Family ID | 56129838 |
Filed Date | 2016-07-14 |
United States Patent
Application |
20160203137 |
Kind Code |
A1 |
SABAH; Mohammad ; et
al. |
July 14, 2016 |
IMPUTING KNOWLEDGE GRAPH ATTRIBUTES TO DIGITAL MULTIMEDIA BASED ON
IMAGE AND VIDEO METADATA
Abstract
Techniques are disclosed herein for imputing attributes to
multimedia content (e.g., an image or a video) based on metadata of
the multimedia content. An analysis tool of a multimedia service
platform evaluates content metadata to identify at least a time and
a first location at which the content was captured. The time and
first location is correlated with a knowledge graph. The knowledge
graph stores information describing a plurality of locations,
including the first location. The knowledge graph also stores
information describing events scheduled to occur at one or more of
the plurality of locations. The analysis tool identifies, from the
correlated information, one or more of the attributes of the first
location to impute to the content.
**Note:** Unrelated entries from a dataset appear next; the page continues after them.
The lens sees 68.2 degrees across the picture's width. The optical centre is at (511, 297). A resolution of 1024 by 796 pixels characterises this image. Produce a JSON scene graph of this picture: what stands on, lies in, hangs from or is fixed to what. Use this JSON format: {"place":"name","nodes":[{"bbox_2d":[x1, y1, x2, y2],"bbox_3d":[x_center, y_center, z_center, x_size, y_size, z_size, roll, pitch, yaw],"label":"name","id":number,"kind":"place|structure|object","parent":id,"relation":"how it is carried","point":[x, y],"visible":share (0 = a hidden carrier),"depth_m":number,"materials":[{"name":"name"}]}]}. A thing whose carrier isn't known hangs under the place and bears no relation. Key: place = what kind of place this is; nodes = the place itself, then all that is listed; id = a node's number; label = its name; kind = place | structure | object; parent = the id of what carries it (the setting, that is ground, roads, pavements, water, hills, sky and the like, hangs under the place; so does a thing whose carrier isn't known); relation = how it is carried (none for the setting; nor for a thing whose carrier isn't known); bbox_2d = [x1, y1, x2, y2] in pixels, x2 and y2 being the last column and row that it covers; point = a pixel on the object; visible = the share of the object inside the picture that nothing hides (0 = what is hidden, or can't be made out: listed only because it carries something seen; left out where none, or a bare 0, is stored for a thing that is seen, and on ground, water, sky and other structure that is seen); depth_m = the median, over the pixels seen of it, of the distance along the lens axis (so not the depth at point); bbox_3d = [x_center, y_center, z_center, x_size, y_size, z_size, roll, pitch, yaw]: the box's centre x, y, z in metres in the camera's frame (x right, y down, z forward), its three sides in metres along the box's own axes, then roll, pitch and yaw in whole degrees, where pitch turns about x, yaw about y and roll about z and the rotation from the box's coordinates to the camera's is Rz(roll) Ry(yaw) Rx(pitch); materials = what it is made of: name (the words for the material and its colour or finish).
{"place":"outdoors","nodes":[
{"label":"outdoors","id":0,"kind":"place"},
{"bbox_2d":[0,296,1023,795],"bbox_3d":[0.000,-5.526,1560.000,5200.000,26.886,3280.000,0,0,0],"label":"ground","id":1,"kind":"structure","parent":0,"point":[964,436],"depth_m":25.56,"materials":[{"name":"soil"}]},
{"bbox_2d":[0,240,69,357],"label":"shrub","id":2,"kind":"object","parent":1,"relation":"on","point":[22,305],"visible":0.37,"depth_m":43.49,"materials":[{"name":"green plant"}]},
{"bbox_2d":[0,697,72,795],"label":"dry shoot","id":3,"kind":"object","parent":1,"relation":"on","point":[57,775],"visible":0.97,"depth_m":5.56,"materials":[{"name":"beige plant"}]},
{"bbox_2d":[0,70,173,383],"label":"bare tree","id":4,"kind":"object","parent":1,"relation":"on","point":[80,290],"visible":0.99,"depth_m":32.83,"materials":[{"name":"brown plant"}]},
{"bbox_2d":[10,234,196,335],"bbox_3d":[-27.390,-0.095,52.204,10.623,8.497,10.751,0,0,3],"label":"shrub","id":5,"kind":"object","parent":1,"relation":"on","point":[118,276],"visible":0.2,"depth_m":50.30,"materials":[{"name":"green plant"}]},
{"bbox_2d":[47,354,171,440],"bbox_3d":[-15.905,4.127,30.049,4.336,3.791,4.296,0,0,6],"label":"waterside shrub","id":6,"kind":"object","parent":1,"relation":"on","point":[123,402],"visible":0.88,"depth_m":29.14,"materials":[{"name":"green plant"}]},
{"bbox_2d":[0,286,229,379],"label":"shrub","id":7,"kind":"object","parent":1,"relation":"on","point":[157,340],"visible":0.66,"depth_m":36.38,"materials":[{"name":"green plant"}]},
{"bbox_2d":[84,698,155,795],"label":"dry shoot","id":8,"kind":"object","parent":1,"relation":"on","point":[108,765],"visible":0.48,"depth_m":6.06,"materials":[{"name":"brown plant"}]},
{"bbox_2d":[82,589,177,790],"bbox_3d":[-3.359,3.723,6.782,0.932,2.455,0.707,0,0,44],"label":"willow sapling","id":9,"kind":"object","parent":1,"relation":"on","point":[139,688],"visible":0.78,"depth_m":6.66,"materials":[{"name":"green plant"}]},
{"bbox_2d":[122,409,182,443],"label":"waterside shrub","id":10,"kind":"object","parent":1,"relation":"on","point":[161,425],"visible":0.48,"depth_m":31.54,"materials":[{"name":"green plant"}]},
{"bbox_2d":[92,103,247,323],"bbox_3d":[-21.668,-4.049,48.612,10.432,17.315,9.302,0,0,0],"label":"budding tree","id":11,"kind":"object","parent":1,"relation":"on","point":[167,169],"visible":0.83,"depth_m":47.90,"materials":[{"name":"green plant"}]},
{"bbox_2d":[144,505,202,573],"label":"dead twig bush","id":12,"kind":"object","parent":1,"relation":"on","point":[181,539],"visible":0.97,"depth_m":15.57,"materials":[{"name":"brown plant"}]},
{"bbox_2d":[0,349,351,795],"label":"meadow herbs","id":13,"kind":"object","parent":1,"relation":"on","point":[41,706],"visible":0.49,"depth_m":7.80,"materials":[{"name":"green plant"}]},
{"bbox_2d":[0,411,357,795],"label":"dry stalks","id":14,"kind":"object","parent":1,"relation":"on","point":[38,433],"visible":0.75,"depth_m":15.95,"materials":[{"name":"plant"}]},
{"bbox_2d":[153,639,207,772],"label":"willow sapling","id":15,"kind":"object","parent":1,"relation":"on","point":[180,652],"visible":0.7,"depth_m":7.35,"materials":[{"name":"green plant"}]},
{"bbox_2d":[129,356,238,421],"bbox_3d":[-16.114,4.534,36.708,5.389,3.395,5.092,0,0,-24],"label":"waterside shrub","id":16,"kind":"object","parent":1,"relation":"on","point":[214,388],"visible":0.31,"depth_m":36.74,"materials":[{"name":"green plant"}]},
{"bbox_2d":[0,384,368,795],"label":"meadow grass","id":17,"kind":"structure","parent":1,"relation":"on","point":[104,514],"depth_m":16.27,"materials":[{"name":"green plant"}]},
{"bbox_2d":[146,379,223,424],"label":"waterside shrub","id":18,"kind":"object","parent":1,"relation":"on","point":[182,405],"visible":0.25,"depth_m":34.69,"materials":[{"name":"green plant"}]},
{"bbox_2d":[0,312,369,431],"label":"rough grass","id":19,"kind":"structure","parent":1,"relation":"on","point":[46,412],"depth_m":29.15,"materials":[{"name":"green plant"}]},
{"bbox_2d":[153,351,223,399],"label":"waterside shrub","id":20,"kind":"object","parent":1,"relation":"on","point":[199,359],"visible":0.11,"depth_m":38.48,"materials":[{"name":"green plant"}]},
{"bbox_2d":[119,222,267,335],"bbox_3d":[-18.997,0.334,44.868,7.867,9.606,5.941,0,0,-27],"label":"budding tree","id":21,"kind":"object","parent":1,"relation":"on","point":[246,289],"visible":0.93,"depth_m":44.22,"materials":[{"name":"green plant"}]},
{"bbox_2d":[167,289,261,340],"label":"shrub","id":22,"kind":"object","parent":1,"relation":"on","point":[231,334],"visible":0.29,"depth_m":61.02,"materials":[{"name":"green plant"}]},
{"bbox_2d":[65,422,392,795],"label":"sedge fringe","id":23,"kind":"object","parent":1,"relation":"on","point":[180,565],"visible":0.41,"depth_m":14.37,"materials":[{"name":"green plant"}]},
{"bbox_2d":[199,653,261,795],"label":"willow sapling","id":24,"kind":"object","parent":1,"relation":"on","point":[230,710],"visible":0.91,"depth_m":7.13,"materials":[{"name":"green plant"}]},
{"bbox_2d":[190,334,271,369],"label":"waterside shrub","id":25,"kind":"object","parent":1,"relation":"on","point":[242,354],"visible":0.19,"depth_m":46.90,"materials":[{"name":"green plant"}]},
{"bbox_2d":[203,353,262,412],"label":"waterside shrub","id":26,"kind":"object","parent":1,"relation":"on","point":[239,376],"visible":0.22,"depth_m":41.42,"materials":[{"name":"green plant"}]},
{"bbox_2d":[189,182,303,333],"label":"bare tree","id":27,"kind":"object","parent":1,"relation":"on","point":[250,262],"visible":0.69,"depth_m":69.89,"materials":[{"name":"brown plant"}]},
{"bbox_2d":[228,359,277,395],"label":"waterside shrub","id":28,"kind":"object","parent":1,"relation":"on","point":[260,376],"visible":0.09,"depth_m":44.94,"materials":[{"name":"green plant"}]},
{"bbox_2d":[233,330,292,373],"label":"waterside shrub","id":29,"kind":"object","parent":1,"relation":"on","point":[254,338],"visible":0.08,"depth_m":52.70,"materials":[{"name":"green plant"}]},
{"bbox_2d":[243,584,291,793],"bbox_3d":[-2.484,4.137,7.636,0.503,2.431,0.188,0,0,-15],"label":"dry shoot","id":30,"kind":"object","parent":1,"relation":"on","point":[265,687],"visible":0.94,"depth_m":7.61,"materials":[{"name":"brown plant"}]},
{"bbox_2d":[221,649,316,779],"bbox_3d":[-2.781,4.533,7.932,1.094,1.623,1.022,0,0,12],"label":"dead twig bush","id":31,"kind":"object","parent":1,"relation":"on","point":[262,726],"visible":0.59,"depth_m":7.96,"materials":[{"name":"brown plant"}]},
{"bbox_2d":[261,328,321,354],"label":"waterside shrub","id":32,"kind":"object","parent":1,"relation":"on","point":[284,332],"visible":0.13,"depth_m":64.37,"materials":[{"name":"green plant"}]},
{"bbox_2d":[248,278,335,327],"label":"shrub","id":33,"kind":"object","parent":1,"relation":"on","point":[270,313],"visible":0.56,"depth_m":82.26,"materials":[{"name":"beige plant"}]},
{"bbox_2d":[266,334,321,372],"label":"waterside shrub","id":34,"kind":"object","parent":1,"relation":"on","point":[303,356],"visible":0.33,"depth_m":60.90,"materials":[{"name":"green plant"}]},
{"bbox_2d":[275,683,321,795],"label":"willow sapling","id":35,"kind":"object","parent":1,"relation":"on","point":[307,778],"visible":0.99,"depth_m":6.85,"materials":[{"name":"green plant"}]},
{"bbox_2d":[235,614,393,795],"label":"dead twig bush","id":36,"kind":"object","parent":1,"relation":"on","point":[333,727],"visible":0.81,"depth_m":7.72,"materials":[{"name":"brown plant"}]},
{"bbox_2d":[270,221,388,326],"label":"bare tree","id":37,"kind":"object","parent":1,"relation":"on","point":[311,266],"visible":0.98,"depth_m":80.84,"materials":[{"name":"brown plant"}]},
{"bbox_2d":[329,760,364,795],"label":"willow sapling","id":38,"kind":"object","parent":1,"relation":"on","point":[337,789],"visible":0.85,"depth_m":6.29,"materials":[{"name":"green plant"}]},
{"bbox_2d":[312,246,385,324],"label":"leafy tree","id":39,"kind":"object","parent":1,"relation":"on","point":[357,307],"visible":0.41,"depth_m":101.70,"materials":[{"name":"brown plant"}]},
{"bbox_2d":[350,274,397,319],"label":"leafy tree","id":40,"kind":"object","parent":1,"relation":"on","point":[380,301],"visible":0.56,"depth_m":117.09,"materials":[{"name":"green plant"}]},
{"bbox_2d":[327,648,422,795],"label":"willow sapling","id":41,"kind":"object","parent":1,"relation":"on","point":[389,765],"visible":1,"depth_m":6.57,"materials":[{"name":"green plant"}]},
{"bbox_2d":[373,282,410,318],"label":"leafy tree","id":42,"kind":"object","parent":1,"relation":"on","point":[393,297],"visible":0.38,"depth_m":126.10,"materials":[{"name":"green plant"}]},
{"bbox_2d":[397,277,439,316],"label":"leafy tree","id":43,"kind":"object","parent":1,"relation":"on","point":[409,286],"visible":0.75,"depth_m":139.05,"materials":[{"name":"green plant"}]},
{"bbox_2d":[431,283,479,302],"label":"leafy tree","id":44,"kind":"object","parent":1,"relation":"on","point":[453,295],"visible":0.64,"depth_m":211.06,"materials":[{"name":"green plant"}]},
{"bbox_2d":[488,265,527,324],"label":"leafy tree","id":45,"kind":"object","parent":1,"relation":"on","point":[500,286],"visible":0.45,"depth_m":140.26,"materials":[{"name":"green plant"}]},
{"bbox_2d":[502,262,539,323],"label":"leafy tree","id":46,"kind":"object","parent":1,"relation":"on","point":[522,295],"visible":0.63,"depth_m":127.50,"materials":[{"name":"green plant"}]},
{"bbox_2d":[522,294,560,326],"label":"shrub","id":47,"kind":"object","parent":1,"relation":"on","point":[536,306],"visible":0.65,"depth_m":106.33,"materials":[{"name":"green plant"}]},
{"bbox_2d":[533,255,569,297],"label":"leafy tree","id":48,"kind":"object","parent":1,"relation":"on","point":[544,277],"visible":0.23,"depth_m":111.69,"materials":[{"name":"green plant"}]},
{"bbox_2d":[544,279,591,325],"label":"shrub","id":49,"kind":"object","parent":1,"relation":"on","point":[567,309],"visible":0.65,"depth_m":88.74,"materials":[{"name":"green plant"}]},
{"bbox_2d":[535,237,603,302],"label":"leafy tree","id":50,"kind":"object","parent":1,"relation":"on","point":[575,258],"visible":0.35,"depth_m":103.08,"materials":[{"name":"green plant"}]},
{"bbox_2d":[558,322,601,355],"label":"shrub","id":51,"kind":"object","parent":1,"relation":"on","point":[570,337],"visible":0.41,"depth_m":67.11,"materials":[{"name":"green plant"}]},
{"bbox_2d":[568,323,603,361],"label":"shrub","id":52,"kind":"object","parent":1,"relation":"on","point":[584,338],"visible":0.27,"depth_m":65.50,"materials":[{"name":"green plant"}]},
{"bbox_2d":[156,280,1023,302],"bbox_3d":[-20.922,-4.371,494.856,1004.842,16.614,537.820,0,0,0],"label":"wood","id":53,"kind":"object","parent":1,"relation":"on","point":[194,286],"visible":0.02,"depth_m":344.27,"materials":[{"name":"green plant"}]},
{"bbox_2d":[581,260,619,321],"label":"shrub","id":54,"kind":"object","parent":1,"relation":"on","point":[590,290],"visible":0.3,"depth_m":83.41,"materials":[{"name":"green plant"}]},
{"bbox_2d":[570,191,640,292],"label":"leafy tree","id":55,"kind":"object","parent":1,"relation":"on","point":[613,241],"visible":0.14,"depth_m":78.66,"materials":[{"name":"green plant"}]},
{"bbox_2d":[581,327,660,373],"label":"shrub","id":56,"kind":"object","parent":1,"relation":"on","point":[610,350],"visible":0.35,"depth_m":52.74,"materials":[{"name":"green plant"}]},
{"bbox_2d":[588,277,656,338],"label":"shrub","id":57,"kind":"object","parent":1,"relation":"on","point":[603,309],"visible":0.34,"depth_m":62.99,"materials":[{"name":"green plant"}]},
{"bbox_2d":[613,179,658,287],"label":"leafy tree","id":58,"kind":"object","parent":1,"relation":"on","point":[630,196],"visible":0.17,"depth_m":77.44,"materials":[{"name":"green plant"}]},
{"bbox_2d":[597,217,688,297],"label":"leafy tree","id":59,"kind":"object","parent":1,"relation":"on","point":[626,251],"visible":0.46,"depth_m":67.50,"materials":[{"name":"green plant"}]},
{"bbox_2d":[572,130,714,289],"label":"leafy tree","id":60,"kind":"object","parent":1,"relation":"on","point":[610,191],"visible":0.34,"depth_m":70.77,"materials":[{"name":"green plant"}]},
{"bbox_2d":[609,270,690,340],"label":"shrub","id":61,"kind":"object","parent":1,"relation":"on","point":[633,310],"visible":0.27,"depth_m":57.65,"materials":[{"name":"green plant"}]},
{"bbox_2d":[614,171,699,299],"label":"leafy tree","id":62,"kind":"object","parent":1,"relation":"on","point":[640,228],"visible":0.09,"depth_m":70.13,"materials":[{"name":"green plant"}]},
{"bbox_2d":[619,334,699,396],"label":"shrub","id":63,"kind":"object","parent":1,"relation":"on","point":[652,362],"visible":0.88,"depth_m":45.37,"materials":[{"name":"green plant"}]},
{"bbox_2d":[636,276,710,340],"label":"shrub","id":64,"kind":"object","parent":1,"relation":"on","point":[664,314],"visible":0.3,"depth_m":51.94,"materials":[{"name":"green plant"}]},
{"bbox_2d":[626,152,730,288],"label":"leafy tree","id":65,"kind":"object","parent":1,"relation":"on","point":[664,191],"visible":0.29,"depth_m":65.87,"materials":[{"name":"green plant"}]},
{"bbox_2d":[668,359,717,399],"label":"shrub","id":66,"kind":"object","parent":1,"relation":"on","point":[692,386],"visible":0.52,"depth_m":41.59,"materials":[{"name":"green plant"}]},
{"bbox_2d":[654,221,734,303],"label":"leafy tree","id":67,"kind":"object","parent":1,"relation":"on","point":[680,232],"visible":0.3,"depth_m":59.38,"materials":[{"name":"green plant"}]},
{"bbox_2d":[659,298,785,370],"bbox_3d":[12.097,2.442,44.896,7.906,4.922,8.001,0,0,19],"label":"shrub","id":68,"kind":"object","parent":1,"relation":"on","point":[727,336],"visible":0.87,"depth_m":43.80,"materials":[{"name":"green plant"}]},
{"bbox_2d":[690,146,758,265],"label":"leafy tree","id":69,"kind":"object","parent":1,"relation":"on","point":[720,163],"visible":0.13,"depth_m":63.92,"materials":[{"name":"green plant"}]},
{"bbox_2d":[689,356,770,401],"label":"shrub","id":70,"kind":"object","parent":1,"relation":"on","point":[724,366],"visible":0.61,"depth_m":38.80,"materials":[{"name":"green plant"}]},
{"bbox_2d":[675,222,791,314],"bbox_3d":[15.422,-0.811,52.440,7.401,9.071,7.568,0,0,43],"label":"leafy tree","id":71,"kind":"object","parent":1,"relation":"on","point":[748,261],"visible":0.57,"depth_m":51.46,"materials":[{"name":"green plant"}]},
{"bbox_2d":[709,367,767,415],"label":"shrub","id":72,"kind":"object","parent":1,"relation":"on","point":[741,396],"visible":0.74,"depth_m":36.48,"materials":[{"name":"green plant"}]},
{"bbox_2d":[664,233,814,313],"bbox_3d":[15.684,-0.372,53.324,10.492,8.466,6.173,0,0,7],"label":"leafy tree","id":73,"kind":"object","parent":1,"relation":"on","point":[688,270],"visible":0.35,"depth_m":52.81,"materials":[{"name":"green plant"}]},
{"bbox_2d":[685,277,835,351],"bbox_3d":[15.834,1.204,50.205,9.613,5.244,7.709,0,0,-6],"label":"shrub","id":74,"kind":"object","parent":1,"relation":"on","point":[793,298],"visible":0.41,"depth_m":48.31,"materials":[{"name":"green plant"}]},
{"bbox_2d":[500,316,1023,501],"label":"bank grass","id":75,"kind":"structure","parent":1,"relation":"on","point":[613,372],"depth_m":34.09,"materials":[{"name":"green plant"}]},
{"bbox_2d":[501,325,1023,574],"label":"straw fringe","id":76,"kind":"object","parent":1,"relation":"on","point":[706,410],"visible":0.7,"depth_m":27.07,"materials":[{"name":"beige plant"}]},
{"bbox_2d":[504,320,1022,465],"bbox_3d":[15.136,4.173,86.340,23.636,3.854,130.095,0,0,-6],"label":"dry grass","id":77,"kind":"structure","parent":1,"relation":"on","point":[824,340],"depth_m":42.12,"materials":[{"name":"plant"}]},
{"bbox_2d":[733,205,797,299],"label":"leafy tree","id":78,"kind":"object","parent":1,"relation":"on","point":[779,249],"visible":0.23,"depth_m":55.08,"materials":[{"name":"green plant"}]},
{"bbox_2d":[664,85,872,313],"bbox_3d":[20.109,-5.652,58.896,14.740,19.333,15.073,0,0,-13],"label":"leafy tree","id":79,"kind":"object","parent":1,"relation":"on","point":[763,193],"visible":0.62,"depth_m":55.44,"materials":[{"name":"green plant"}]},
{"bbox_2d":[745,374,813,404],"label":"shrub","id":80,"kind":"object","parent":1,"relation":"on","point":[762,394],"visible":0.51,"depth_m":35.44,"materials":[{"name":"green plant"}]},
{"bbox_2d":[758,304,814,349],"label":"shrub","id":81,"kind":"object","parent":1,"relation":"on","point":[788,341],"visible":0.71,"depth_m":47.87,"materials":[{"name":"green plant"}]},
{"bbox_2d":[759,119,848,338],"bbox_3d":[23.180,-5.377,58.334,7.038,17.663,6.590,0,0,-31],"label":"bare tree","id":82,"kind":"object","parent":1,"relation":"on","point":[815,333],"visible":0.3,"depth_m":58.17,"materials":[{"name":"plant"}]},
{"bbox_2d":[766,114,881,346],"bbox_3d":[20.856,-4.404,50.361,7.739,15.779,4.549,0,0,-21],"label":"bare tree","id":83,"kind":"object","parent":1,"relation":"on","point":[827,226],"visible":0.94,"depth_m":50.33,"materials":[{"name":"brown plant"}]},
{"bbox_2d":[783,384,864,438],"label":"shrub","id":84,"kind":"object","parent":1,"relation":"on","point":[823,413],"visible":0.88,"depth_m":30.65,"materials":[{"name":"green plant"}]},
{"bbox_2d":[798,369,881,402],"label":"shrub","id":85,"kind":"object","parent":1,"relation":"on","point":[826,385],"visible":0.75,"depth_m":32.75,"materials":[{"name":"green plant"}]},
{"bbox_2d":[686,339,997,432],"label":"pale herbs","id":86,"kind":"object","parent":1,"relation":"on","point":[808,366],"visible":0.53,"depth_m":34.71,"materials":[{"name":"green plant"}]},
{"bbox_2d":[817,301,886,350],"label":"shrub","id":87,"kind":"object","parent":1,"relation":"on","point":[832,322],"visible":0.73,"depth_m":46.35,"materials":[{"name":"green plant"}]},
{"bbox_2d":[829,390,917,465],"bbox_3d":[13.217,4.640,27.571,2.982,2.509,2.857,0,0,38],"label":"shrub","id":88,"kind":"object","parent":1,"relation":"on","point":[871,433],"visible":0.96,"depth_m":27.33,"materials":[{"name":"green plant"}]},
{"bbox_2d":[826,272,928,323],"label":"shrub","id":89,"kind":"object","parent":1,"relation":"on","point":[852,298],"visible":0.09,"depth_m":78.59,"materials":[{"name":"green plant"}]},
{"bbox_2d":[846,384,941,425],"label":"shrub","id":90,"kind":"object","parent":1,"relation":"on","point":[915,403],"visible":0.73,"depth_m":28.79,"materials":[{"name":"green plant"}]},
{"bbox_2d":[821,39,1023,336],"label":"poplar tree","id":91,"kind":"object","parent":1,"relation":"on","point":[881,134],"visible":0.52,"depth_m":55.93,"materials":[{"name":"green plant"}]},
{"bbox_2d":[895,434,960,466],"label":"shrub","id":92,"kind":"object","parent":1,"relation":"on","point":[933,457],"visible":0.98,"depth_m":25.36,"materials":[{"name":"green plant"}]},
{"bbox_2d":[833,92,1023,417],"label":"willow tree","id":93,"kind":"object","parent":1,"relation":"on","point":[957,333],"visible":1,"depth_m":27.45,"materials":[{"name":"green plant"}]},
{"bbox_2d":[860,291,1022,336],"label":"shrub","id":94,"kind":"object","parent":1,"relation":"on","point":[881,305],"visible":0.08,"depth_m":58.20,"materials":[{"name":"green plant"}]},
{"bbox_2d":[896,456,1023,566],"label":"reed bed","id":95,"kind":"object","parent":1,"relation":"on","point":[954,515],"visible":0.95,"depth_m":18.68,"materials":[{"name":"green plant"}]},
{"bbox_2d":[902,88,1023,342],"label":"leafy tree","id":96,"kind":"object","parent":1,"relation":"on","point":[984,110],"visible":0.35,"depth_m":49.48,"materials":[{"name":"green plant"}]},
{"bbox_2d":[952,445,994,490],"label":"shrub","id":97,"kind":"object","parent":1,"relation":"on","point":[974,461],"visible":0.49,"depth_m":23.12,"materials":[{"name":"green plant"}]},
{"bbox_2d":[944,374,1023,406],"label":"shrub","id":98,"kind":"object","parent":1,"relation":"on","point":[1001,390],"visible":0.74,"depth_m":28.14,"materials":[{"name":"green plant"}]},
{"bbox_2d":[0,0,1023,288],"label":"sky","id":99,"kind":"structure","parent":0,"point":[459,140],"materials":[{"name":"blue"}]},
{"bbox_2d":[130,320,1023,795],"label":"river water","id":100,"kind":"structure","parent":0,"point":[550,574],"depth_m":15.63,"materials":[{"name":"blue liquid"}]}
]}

Thereafter, the analysis tool
imputes the identified attributes to the content.
Inventors: |
SABAH; Mohammad; (San Jose,
CA) ; SADREDDIN; Mohammad Iman; (Santa Clara, CA)
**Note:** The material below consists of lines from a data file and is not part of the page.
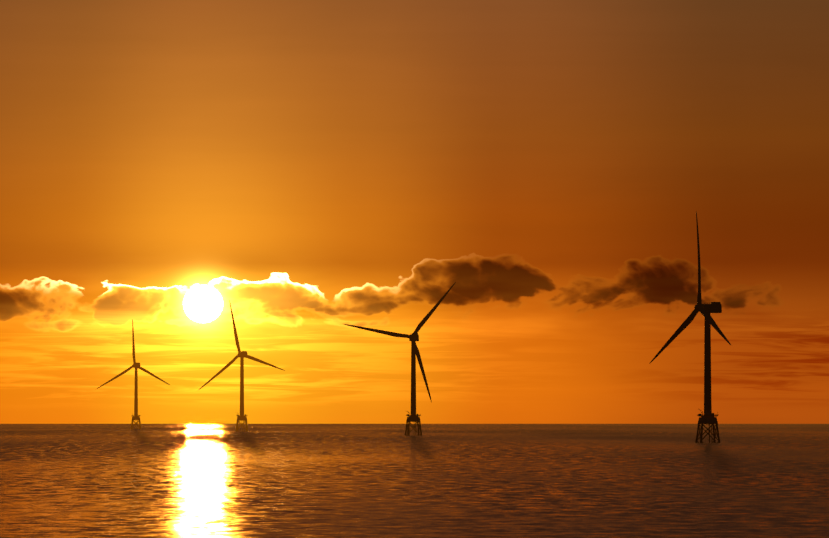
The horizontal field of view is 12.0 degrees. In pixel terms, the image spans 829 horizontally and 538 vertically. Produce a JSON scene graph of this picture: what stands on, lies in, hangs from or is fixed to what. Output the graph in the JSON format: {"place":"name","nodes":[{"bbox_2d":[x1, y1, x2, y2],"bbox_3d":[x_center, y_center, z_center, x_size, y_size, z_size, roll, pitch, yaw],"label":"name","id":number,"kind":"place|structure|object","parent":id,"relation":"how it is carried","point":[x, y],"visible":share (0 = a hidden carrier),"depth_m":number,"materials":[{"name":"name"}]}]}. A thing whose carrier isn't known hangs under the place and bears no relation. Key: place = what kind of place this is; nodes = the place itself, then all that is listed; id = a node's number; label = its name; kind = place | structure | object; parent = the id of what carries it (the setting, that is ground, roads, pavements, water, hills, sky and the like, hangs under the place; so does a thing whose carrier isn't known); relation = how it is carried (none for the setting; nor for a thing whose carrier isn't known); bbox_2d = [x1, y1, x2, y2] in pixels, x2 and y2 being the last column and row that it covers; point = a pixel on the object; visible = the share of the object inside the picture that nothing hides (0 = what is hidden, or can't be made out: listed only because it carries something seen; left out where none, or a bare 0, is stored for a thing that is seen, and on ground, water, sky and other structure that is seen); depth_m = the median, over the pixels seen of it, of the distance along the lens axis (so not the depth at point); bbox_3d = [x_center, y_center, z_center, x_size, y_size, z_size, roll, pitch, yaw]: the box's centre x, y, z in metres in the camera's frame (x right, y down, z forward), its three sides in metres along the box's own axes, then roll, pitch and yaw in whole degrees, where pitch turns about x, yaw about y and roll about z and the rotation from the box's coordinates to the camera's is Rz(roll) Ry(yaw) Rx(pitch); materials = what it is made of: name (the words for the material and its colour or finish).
{"place":"outdoors","nodes":[
{"label":"outdoors","id":0,"kind":"place"},
{"bbox_2d":[0,424,828,537],"bbox_3d":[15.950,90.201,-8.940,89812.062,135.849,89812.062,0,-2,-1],"label":"sea","id":1,"kind":"structure","parent":0,"point":[395,481],"depth_m":1323.55,"materials":[{"name":"liquid"}]},
{"bbox_2d":[97,319,168,428],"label":"wind turbine","id":2,"kind":"object","parent":1,"relation":"on","point":[136,366],"visible":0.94,"depth_m":6758.52,"materials":[{"name":"black paint"}]},
{"bbox_2d":[199,300,284,430],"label":"wind turbine","id":3,"kind":"object","parent":1,"relation":"on","point":[242,355],"visible":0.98,"depth_m":5595.94,"materials":[{"name":"black paint"}]},
{"bbox_2d":[344,282,455,434],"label":"wind turbine","id":4,"kind":"object","parent":1,"relation":"on","point":[413,337],"visible":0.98,"depth_m":4381.77,"materials":[{"name":"black paint"}]},
{"bbox_2d":[649,212,730,442],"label":"wind turbine","id":5,"kind":"object","parent":1,"relation":"on","point":[705,309],"visible":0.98,"depth_m":3183.78,"materials":[{"name":"black paint"}]},
{"bbox_2d":[0,0,828,423],"label":"sky","id":6,"kind":"structure","parent":0,"point":[314,168],"materials":[{"name":"orange"}]}
]}

; ABDULLAH; Shafaq; (Belmont, CA) |
|
Applicant: |
Name |
City |
State |
Country |
Type |
INSNAP, INC. |
Santa Clara |
CA |
US |
|
|
Family ID: |
56129838 |
Appl. No.: |
14/616197 |
Filed: |
February 6, 2015 |
Related U.S. Patent Documents
|
|
|
|
|
|
Application
Number |
Filing Date |
Patent Number |
|
|
62093372 |
Dec 17, 2014 |
|
|
|
Current U.S.
Class: |
707/738 |
Current CPC
Class: |
G06F 16/583 20190101;
G06N 5/02 20130101; G06F 16/24578 20190101; G06F 16/51 20190101;
G06N 5/048 20130101; G06F 16/48 20190101; G06F 16/5838 20190101;
G06Q 30/0269 20130101; G06F 16/285 20190101; G06F 16/9024 20190101;
G06F 16/9038 20190101; G06F 16/532 20190101; G06F 16/2379
20190101 |
International
Class: |
G06F 17/30 20060101
G06F017/30 |
Claims
1. A method for imputing attributes to multimedia content based on
metadata of the content, the method comprising: evaluating content
metadata to identify at least a time and a first location at which
the content was captured; correlating the time and the first
location with a knowledge graph, wherein the knowledge graph stores
information describing a plurality of locations, including the
first location, and describes events scheduled to occur at one or
more of the plurality of locations; identifying, from the
correlated information, one or more of the attributes of the first
location to impute to the content; and imputing the identified
attributes to the content.
2. The method of claim 1, wherein identified attributes include a
name of the first location, an event scheduled to occur at the
first location during the time.
3. The method of claim 2, wherein the identified attributes further
include at least one of a name of the event, a start time of the
event, and a price range of the event.
4. The method of claim 1, further comprising: for each attribute
imputed to the content, updating a user-attribute matrix to reflect
the attribute imputed to the content.
5. The method of claim 3, further comprising: evaluating the
user-attribute matrix to determine at least a first concept,
wherein the first concept is determined based on a co-occurrence
between one or more attributes in the user-attribute matrix.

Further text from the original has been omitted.